Sleep study preparation
Sleep studies are common procedures that can help diagnose sleep disorders in children. They are often recommended for children who show symptoms such as snoring, gasping for air, or excessive daytime drowsiness. Here is a detailed guide to help you prepare for your child's sleep study:
- Confirm the Appointment: It is important to verbally confirm the appointment with the sleep study centre. Some centres may require confirmation by a specific time on the day of the study.
- Arrive on Time: Plan to arrive at the sleep centre at least 2 hours before your child's usual bedtime. This will allow enough time for the setup of the equipment and for your child to get comfortable.
- Bring Necessary Items: Bring all your child's medications, formula, special foods, and medical equipment, including respiratory and G-tube equipment. Pack as if you are staying in a hotel. Also, bring your child's favourite toys, stuffed animals, or blankets to make them feel more at ease.
- Meals and Snacks: Most sleep centres do not provide food, so bring a bedtime snack if your child usually has one.

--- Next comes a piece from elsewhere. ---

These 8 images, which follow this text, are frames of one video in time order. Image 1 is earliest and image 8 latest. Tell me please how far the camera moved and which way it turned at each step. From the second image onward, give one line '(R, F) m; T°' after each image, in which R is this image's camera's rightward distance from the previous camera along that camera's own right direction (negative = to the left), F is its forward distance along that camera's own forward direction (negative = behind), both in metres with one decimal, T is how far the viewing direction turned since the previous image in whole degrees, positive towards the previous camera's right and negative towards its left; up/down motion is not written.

You and your child should have dinner before arriving for the sleep study.
- Caffeine Restriction: Limit caffeine products for at least 24 hours before the sleep study.
- Nap Restriction: On the day of the study, keep your child awake and active to minimize napping. This will help maximize sleep during the study.

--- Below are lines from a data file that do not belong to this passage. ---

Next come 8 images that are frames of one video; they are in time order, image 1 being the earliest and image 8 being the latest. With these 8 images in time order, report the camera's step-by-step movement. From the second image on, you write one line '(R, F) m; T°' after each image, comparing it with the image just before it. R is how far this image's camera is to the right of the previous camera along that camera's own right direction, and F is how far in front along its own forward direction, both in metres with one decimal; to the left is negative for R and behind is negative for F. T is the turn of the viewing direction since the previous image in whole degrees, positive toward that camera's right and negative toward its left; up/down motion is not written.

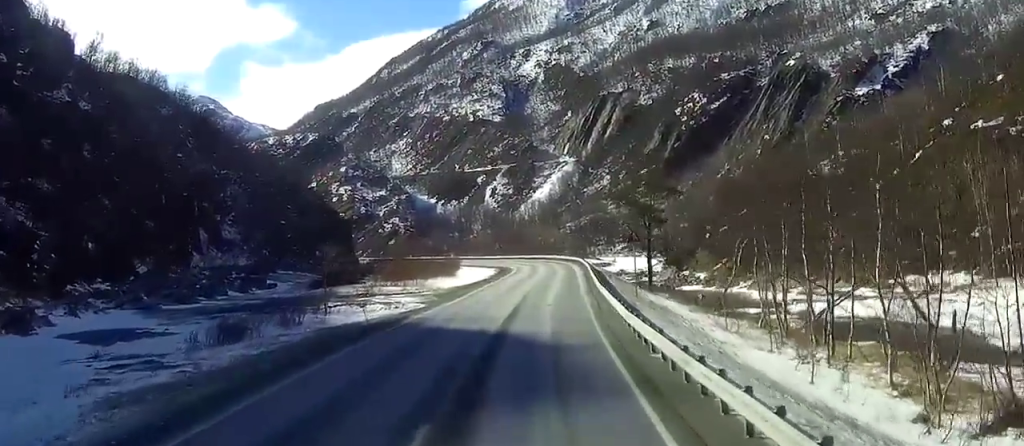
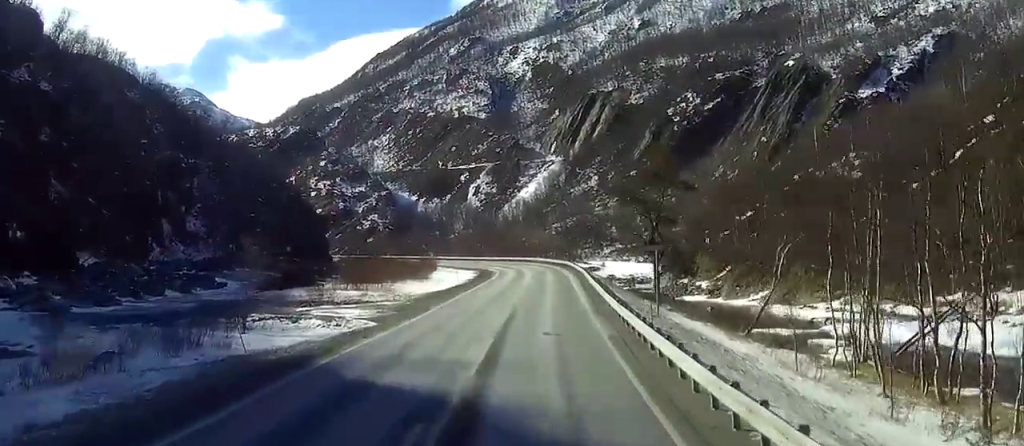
(0.0, +14.7) m; +1°
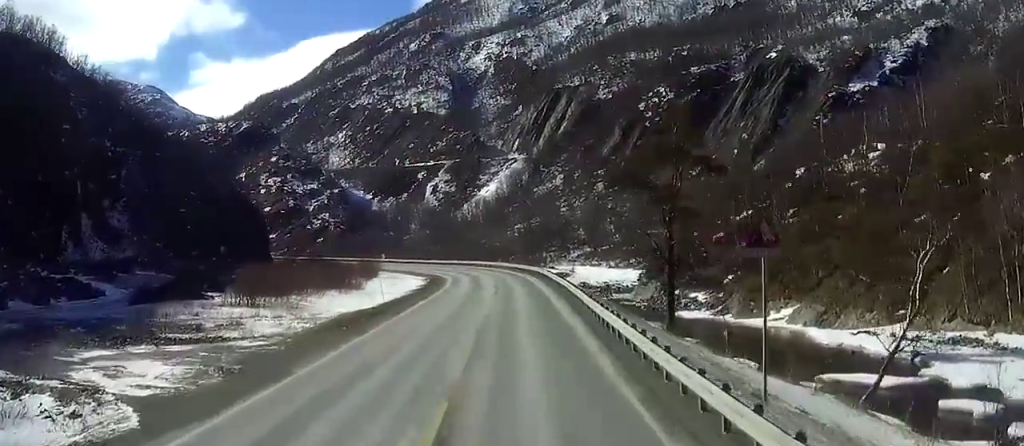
(+0.5, +23.9) m; +2°
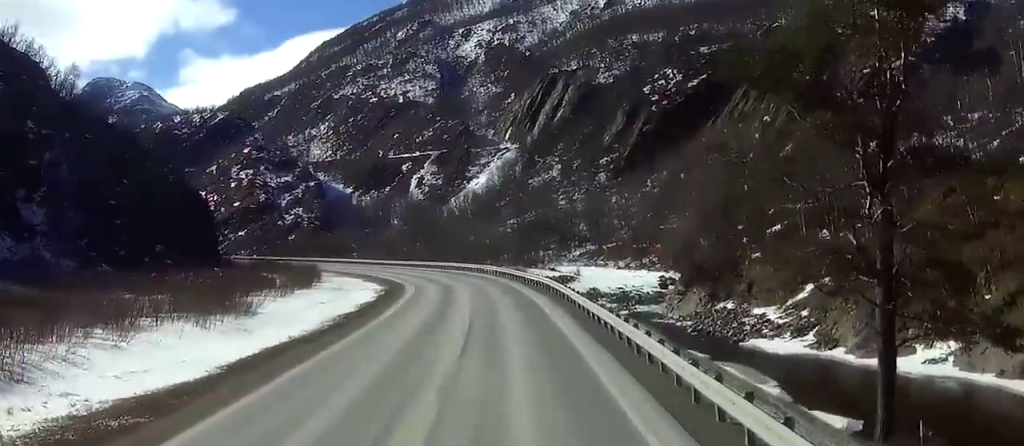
(+0.3, +34.6) m; 0°
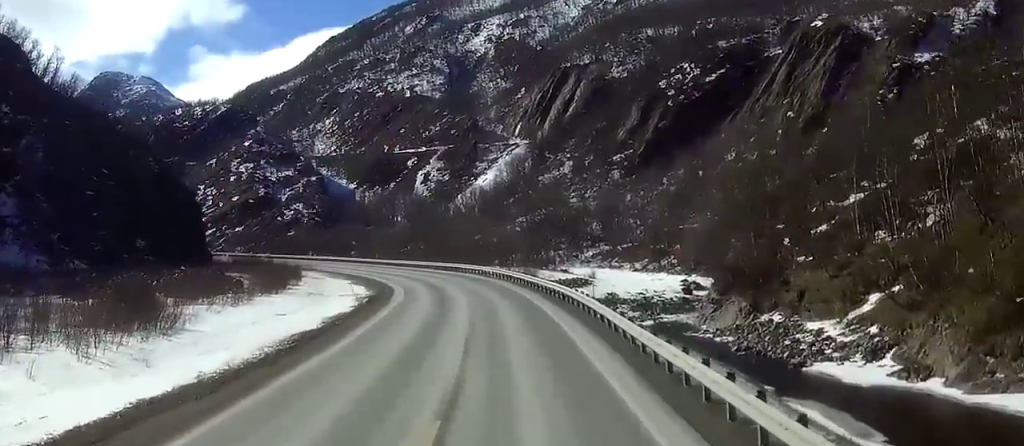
(+0.1, +13.6) m; -1°
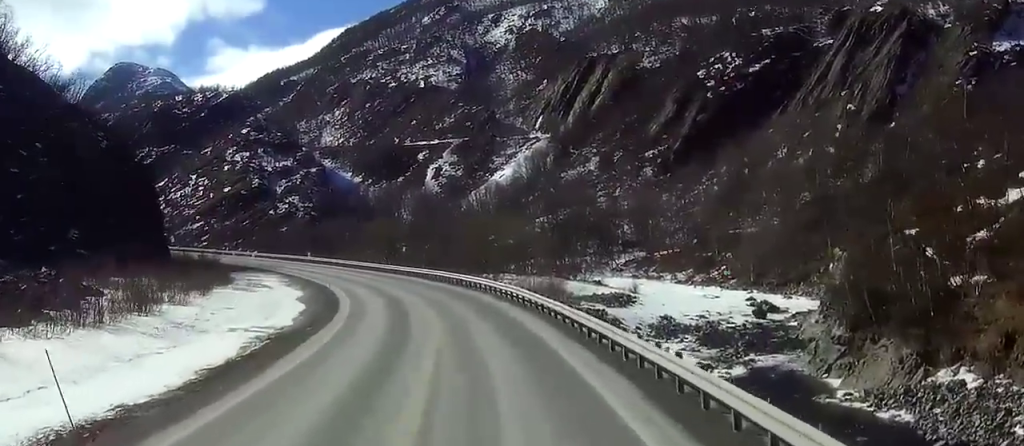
(-0.8, +31.9) m; -2°
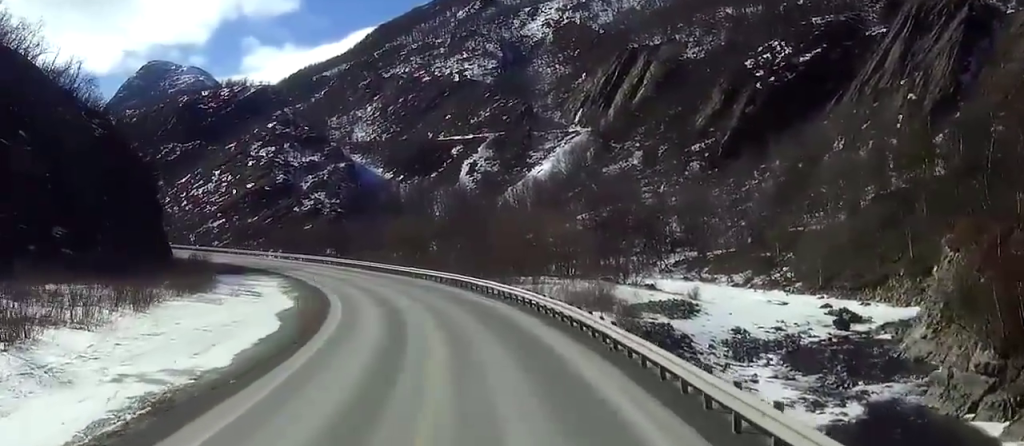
(0.0, +15.2) m; -2°
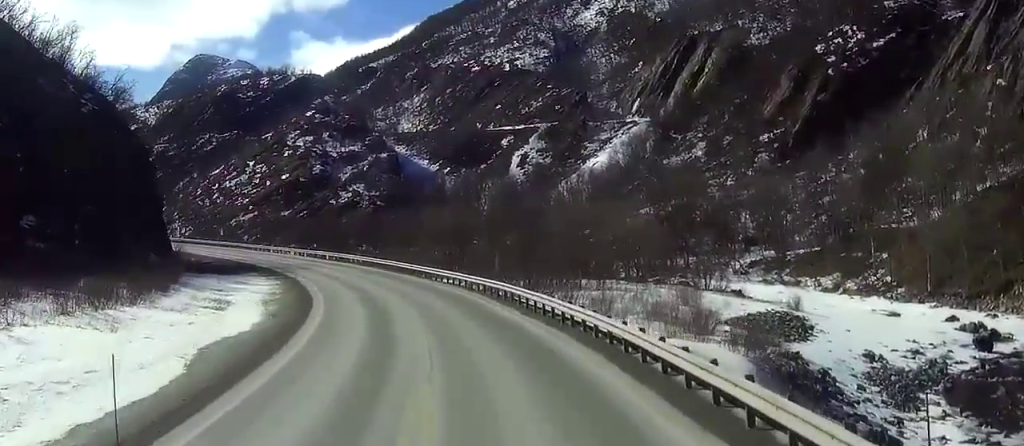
(-0.7, +19.4) m; -4°

- Hair Preparation: Ensure your child has clean, dry hair with no products or hair accessories that may prevent access to the scalp.
- Bedtime Routine: Maintain your child's usual bedtime routine. The sleep technical staff will work with you to ensure your child goes to bed at their regular time.
- Parent/Guardian Presence: One parent or guardian is typically required to stay overnight with the child. Sleep centres usually provide a separate bed or sleeping chair for the parent/guardian.
- Electronic Devices: Personal electronic devices can be used while the sensors are being placed but must be turned off during the actual sleep study.
- Illness: If your child becomes ill, contact the sleep centre immediately to reschedule the study.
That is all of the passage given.